We do need to end the War on Drugs and the harsh, inequitable, often racist punitive practices that have defined it. We should be horrified and ashamed when a teenage boy is allowed — or forced — to languish in appalling conditions on Rikers Island for a crime he did not commit.

But the crucial point — corroborated by the numbers, and driven home to me by my students — is that real, transformative change will only occur when our national conversation about incarceration, and indeed criminality, begins to take a very different form: when we stop reserving our moral deliberations only for the most ideal, “respectable” candidates for our concern; when we pull back the curtain and ask what justice looks like, or ought to look like, for those convicted of violent and even sexual offenses.

It will only occur when we stop perpetuating the contrast, so endemic to our current discourse, between “good” and “bad” criminals — between those deserving of basic dignity and second chances, on the one hand, and those monstrous “super-predators” (to use Clinton’s infamous term) who can be left to wither away and die.

This is not to deny the gravity of the crimes that land many men and women in America’s prisons. In fact, despite the multi-generational cycles of poverty and incarceration into which many of my students were born (one young man, for example, wrote a class essay recalling his fate being “sealed” when, visiting his mom at Rikers Island as an eight-year-old, an officer typed his name into the jail registry), I’ve been struck by how insistent they are on shouldering responsibility for their offenses, resisting any narrative or social theory that would absolve them of this burden.

That they assume responsibility for their actions, however, does not relieve us, as a society, of the need to take responsibility for ours. Through deliberate, racially targeted disinvestment in America’s most vulnerable communities, we have consistently and systematically, since the late 1960s, created the conditions in which violent crime can flourish — and then, through the carceral system, consigned those who commit such acts to a life of near non-existence when it does. It’s time we recognize this fact.

Yet as for my students, so for us: remorse is not enough. In the words of the anthropologist Talal Asad, “a ‘bad conscience’ is no bar to further immoral action, it merely gives such action a distinctive style.” If we are to undo the damage wrought by decades of vindictive, often “progressive” penal policy, we must go beyond feeling bad about it.

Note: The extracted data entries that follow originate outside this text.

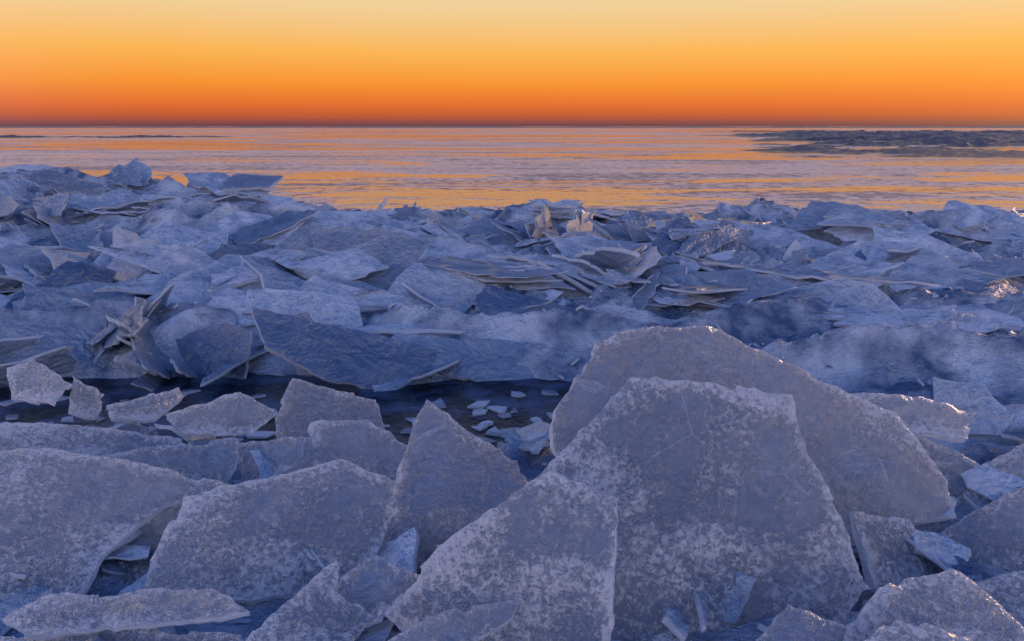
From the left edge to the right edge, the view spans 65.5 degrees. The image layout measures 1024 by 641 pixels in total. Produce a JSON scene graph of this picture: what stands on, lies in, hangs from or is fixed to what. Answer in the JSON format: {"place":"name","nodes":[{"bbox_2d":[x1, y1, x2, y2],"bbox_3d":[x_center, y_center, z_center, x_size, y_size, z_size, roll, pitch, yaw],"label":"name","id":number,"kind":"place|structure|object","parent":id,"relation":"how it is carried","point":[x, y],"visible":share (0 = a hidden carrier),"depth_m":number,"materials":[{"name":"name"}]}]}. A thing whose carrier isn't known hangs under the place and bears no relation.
{"place":"outdoors","nodes":[
{"label":"outdoors","id":0,"kind":"place"},
{"bbox_2d":[0,126,1023,214],"bbox_3d":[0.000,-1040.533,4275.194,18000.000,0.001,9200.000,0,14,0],"label":"frozen lake","id":1,"kind":"structure","parent":0,"point":[667,170],"depth_m":33.50,"materials":[{"name":"grey"}]},
{"bbox_2d":[0,135,234,137],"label":"distant pack ice","id":2,"kind":"structure","parent":1,"relation":"on","point":[17,136],"depth_m":122.49,"materials":[{"name":"grey ice"}]},
{"bbox_2d":[0,372,571,447],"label":"open water channel","id":3,"kind":"object","parent":1,"relation":"on","point":[397,407],"depth_m":4.82,"materials":[{"name":"blue liquid"}]},
{"bbox_2d":[695,130,1023,157],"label":"distant pack ice","id":4,"kind":"structure","parent":1,"relation":"on","point":[906,140],"depth_m":74.84,"materials":[{"name":"grey ice"}]},
{"bbox_2d":[0,167,1023,640],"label":"snow ground","id":5,"kind":"structure","parent":0,"point":[860,357],"depth_m":5.46,"materials":[{"name":"white snow"}]},
{"bbox_2d":[6,359,72,406],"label":"ice slab","id":6,"kind":"object","parent":5,"relation":"on","point":[32,381],"depth_m":3.66,"materials":[{"name":"ice"}]},
{"bbox_2d":[0,319,113,363],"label":"ice slab","id":7,"kind":"object","parent":5,"relation":"on","point":[55,337],"depth_m":5.35,"materials":[{"name":"blue ice"}]},
{"bbox_2d":[0,448,229,600],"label":"ice slab","id":8,"kind":"object","parent":5,"relation":"on","point":[69,522],"depth_m":2.73,"materials":[{"name":"ice"}]},
{"bbox_2d":[0,628,242,640],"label":"ice slab","id":9,"kind":"object","parent":5,"relation":"on","point":[152,634],"depth_m":2.21,"materials":[{"name":"ice"}]},
{"bbox_2d":[2,588,249,639],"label":"ice slab","id":10,"kind":"object","parent":9,"relation":"on","point":[51,616],"depth_m":2.24,"materials":[{"name":"ice"}]},
{"bbox_2d":[114,489,212,585],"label":"ice slab","id":11,"kind":"structure","parent":5,"relation":"on","point":[151,533],"depth_m":2.74,"materials":[{"name":"ice"}]},
{"bbox_2d":[175,322,252,378],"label":"ice slab","id":12,"kind":"structure","parent":5,"relation":"on","point":[204,351],"depth_m":5.30,"materials":[{"name":"blue ice"}]},
{"bbox_2d":[143,459,394,603],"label":"ice slab","id":13,"kind":"structure","parent":5,"relation":"on","point":[258,539],"depth_m":2.63,"materials":[{"name":"ice"}]},
{"bbox_2d":[291,312,316,375],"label":"ice slab","id":14,"kind":"structure","parent":5,"relation":"on","point":[308,316],"depth_m":5.20,"materials":[{"name":"blue ice"}]},
{"bbox_2d":[275,378,384,438],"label":"ice slab","id":15,"kind":"structure","parent":5,"relation":"on","point":[305,404],"depth_m":3.51,"materials":[{"name":"ice"}]},
{"bbox_2d":[251,307,451,388],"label":"ice slab","id":16,"kind":"structure","parent":5,"relation":"on","point":[344,355],"depth_m":5.05,"materials":[{"name":"blue ice"}]},
{"bbox_2d":[378,400,527,568],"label":"ice slab","id":17,"kind":"structure","parent":5,"relation":"on","point":[453,476],"depth_m":2.74,"materials":[{"name":"blue ice"}]},
{"bbox_2d":[405,336,546,381],"bbox_3d":[-0.210,0.318,5.228,1.006,0.383,0.377,0,14,0],"label":"ice slab","id":18,"kind":"object","parent":5,"relation":"on","point":[488,359],"depth_m":5.25,"materials":[{"name":"blue ice"}]},
{"bbox_2d":[384,470,617,640],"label":"ice slab","id":19,"kind":"object","parent":5,"relation":"on","point":[541,550],"depth_m":2.21,"materials":[{"name":"ice"}]},
{"bbox_2d":[0,157,1023,640],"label":"broken ice rubble","id":20,"kind":"object","parent":5,"relation":"on","point":[336,267],"visible":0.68,"depth_m":6.57,"materials":[{"name":"blue ice"}]},
{"bbox_2d":[12,294,90,310],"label":"ice slab","id":21,"kind":"object","parent":20,"relation":"on","point":[43,302],"depth_m":6.10,"materials":[{"name":"blue ice"}]},
{"bbox_2d":[68,376,103,419],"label":"ice slab","id":22,"kind":"object","parent":20,"relation":"on","point":[85,402],"depth_m":3.68,"materials":[{"name":"ice"}]},
{"bbox_2d":[0,422,185,455],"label":"ice slab","id":23,"kind":"object","parent":20,"relation":"on","point":[85,440],"depth_m":3.31,"materials":[{"name":"ice"}]},
{"bbox_2d":[50,223,140,252],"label":"ice slab","id":24,"kind":"structure","parent":20,"relation":"on","point":[80,238],"depth_m":8.43,"materials":[{"name":"blue ice"}]},
{"bbox_2d":[106,387,183,423],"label":"ice slab","id":25,"kind":"object","parent":20,"relation":"on","point":[150,407],"depth_m":3.58,"materials":[{"name":"ice"}]},
{"bbox_2d":[99,438,238,482],"bbox_3d":[-1.367,0.570,3.159,0.548,0.156,0.147,-2,14,-8],"label":"ice slab","id":26,"kind":"object","parent":20,"relation":"on","point":[216,459],"depth_m":3.17,"materials":[{"name":"blue ice"}]},
{"bbox_2d":[166,392,277,436],"bbox_3d":[-1.273,0.416,3.480,0.517,0.164,0.188,0,14,0],"label":"ice slab","id":27,"kind":"object","parent":20,"relation":"on","point":[236,413],"depth_m":3.47,"materials":[{"name":"ice"}]},
{"bbox_2d":[223,174,283,190],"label":"ice slab","id":28,"kind":"object","parent":20,"relation":"on","point":[242,182],"depth_m":12.37,"materials":[{"name":"blue ice"}]},
{"bbox_2d":[237,437,314,481],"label":"ice slab","id":29,"kind":"object","parent":20,"relation":"on","point":[284,455],"depth_m":3.22,"materials":[{"name":"blue ice"}]},
{"bbox_2d":[245,560,374,640],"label":"ice slab","id":30,"kind":"object","parent":20,"relation":"on","point":[317,607],"depth_m":2.27,"materials":[{"name":"ice"}]},
{"bbox_2d":[335,555,418,627],"bbox_3d":[-0.394,0.805,2.388,0.293,0.135,0.182,-6,15,-24],"label":"ice slab","id":31,"kind":"object","parent":30,"relation":"on","point":[376,586],"depth_m":2.37,"materials":[{"name":"ice"}]},
{"bbox_2d":[308,419,406,480],"bbox_3d":[-0.584,0.542,3.213,0.509,0.225,0.256,0,14,0],"label":"ice slab","id":32,"kind":"object","parent":20,"relation":"on","point":[367,445],"depth_m":3.22,"materials":[{"name":"ice"}]},
{"bbox_2d":[391,205,416,220],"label":"ice slab","id":33,"kind":"object","parent":20,"relation":"on","point":[403,212],"depth_m":9.66,"materials":[{"name":"blue ice"}]},
{"bbox_2d":[388,600,516,640],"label":"ice slab","id":34,"kind":"object","parent":20,"relation":"on","point":[476,622],"depth_m":2.11,"materials":[{"name":"ice"}]},
{"bbox_2d":[592,239,636,247],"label":"ice slab","id":35,"kind":"object","parent":20,"relation":"on","point":[611,243],"depth_m":8.80,"materials":[{"name":"blue ice"}]},
{"bbox_2d":[549,325,951,545],"bbox_3d":[0.847,0.402,2.807,1.497,0.718,0.540,-3,14,-13],"label":"ice slab","id":36,"kind":"object","parent":20,"relation":"on","point":[866,457],"depth_m":2.86,"materials":[{"name":"ice"}]},
{"bbox_2d":[750,240,809,258],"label":"ice slab","id":37,"kind":"structure","parent":20,"relation":"on","point":[759,245],"depth_m":8.47,"materials":[{"name":"blue ice"}]},
{"bbox_2d":[755,604,846,640],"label":"ice slab","id":38,"kind":"object","parent":20,"relation":"on","point":[790,623],"depth_m":2.12,"materials":[{"name":"ice"}]},
{"bbox_2d":[877,284,896,296],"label":"ice slab","id":39,"kind":"structure","parent":20,"relation":"on","point":[887,290],"depth_m":6.06,"materials":[{"name":"blue ice"}]},
{"bbox_2d":[853,392,976,442],"bbox_3d":[1.614,0.383,3.169,0.526,0.173,0.183,0,14,0],"label":"ice slab","id":40,"kind":"object","parent":20,"relation":"on","point":[920,416],"depth_m":3.16,"materials":[{"name":"ice"}]},
{"bbox_2d":[865,619,970,640],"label":"ice slab","id":41,"kind":"object","parent":20,"relation":"on","point":[897,630],"depth_m":2.01,"materials":[{"name":"ice"}]},
{"bbox_2d":[939,487,1023,572],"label":"ice slab","id":42,"kind":"object","parent":20,"relation":"on","point":[991,533],"depth_m":2.76,"materials":[{"name":"ice"}]},
{"bbox_2d":[975,571,1023,626],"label":"ice slab","id":43,"kind":"object","parent":20,"relation":"on","point":[1006,591],"depth_m":2.43,"materials":[{"name":"ice"}]},
{"bbox_2d":[436,377,870,640],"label":"ice slab","id":44,"kind":"object","parent":5,"relation":"on","point":[713,488],"depth_m":2.48,"materials":[{"name":"ice"}]},
{"bbox_2d":[805,213,844,245],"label":"ice slab","id":45,"kind":"structure","parent":5,"relation":"on","point":[820,234],"depth_m":9.43,"materials":[{"name":"blue ice"}]},
{"bbox_2d":[853,222,912,242],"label":"ice slab","id":46,"kind":"structure","parent":5,"relation":"on","point":[904,225],"depth_m":9.08,"materials":[{"name":"blue ice"}]},
{"bbox_2d":[849,511,934,592],"bbox_3d":[1.306,0.760,2.659,0.388,0.255,0.181,-4,14,-18],"label":"ice slab","id":47,"kind":"object","parent":5,"relation":"on","point":[887,555],"depth_m":2.64,"materials":[{"name":"ice"}]},
{"bbox_2d":[843,568,1023,640],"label":"ice slab","id":48,"kind":"object","parent":5,"relation":"on","point":[956,602],"depth_m":2.18,"materials":[{"name":"ice"}]},
{"bbox_2d":[916,437,1023,505],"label":"ice slab","id":49,"kind":"object","parent":5,"relation":"on","point":[952,465],"depth_m":3.17,"materials":[{"name":"blue ice"}]},
{"bbox_2d":[0,126,1023,127],"bbox_3d":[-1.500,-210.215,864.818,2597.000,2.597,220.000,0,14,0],"label":"distant ice ridge","id":50,"kind":"structure","parent":0,"point":[517,127],"depth_m":825.21,"materials":[{"name":"grey ice"}]},
{"bbox_2d":[0,0,1023,125],"label":"sky","id":51,"kind":"structure","parent":0,"point":[63,62],"materials":[{"name":"orange"}]}
]}

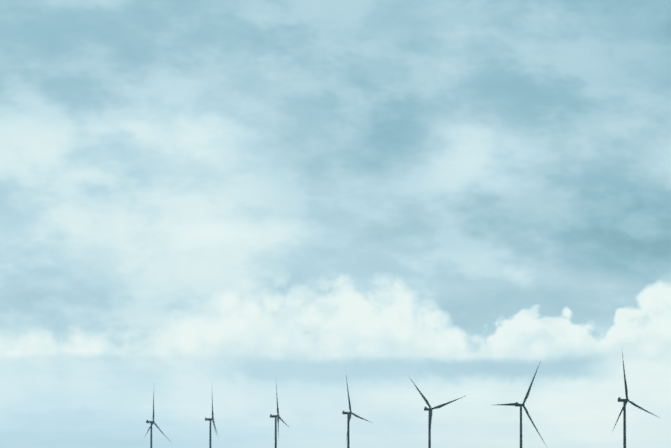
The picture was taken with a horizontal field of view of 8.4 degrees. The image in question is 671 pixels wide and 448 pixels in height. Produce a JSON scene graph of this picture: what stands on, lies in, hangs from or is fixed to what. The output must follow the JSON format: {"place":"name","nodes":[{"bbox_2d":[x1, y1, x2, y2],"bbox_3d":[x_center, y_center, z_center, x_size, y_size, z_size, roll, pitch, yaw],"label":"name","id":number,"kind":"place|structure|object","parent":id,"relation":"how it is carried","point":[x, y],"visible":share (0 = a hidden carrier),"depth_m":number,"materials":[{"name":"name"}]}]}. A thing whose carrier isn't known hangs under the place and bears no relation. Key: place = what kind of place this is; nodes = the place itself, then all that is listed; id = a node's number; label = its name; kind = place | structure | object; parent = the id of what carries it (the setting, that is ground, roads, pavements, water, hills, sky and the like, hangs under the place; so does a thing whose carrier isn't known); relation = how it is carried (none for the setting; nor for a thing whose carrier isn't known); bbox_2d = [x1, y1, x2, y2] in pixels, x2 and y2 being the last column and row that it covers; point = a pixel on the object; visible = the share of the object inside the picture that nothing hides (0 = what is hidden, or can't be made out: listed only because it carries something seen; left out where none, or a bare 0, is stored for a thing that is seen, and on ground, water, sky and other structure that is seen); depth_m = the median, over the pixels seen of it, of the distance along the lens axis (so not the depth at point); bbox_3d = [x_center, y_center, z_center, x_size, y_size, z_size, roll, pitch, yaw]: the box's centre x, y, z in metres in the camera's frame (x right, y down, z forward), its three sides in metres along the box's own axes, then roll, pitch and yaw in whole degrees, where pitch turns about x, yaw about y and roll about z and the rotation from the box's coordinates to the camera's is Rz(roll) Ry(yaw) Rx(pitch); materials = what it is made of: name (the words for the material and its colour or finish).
{"place":"outdoors","nodes":[
{"label":"outdoors","id":0,"kind":"place"},
{"bbox_2d":[0,0,670,447],"label":"sky","id":1,"kind":"structure","parent":0,"point":[226,202],"materials":[{"name":"blue"}]},
{"bbox_3d":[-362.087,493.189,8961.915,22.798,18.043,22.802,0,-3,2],"label":"turbine platform","id":2,"kind":"object","parent":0,"visible":0},
{"bbox_2d":[145,395,171,447],"bbox_3d":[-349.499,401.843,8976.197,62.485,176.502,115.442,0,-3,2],"label":"wind turbine","id":3,"kind":"object","parent":2,"relation":"on","point":[151,422],"visible":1,"depth_m":8964.99,"materials":[{"name":"paint"}]},
{"bbox_3d":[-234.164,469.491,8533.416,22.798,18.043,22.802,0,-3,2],"label":"turbine platform","id":4,"kind":"object","parent":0,"visible":0},
{"bbox_2d":[205,399,218,447],"bbox_3d":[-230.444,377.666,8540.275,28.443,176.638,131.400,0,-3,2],"label":"wind turbine","id":5,"kind":"object","parent":4,"relation":"on","point":[210,419],"visible":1,"depth_m":8536.99,"materials":[{"name":"paint"}]},
{"bbox_3d":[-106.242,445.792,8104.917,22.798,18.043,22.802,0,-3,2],"label":"turbine platform","id":6,"kind":"object","parent":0,"visible":0},
{"bbox_2d":[270,384,288,447],"bbox_3d":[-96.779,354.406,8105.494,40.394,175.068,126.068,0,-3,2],"label":"wind turbine","id":7,"kind":"object","parent":6,"relation":"on","point":[277,417],"visible":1,"depth_m":8108.41,"materials":[{"name":"paint"}]},
{"bbox_3d":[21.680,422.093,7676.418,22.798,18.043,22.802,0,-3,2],"label":"turbine platform","id":8,"kind":"object","parent":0,"visible":0},
{"bbox_2d":[342,377,369,447],"bbox_3d":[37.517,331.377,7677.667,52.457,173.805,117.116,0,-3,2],"label":"wind turbine","id":9,"kind":"object","parent":8,"relation":"on","point":[348,422],"visible":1,"depth_m":7679.44,"materials":[{"name":"paint"}]},
{"bbox_3d":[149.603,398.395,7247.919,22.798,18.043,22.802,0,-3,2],"label":"turbine platform","id":10,"kind":"object","parent":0,"visible":0},
{"bbox_2d":[410,378,464,447],"bbox_3d":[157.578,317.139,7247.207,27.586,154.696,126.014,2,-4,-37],"label":"wind turbine","id":11,"kind":"object","parent":10,"relation":"on","point":[430,409],"visible":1,"depth_m":7250.68,"materials":[{"name":"paint"}]},
{"bbox_3d":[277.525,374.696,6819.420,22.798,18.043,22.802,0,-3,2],"label":"turbine platform","id":12,"kind":"object","parent":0,"visible":0},
{"bbox_2d":[497,361,545,447],"bbox_3d":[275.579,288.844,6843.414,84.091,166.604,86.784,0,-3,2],"label":"wind turbine","id":13,"kind":"object","parent":12,"relation":"on","point":[516,404],"visible":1,"depth_m":6821.48,"materials":[{"name":"paint"}]},
{"bbox_3d":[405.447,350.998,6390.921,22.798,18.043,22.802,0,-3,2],"label":"turbine platform","id":14,"kind":"object","parent":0,"visible":0},
{"bbox_2d":[612,352,659,447],"bbox_3d":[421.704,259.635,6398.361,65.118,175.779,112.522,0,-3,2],"label":"wind turbine","id":15,"kind":"object","parent":14,"relation":"on","point":[624,401],"visible":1,"depth_m":6393.96,"materials":[{"name":"paint"}]}
]}

As activist organizations such as All of Us or None, Critical Resistance, and JustLeadershipUSA have been insisting for years now, there are a range of concrete measures that can help facilitate this repair: comprehensive sentencing reform (including the elimination of mandatory minimums, three strikes laws, and life without the possibility of parole); making reintegration, not retribution, the chief objective of correctional institutions; abolishing the costly, counterproductive “nature of the crime” criterion in parole hearings, which keeps a growing population of aging prisoners behind bars irrespective of how little risk they pose to public safety; and expanding mental health and addiction treatment programs to which court-involved individuals can be diverted.

These must be accompanied by a concerted, large-scale effort to redress — by way of massive reinvestment in schools, social services, health care (especially Medicaid), and affordable housing — the economic degradation of America’s urban peripheries.

But I learned another, perhaps more vital lesson from my students at Sing Sing: that ending the scourge of mass imprisonment must involve dismantling our degrading, dehumanizing narratives about both the innocent and the guilty, and that this can only happen once we’re willing to listen to their voices — all voices, not just the ones we’re already primed to hear.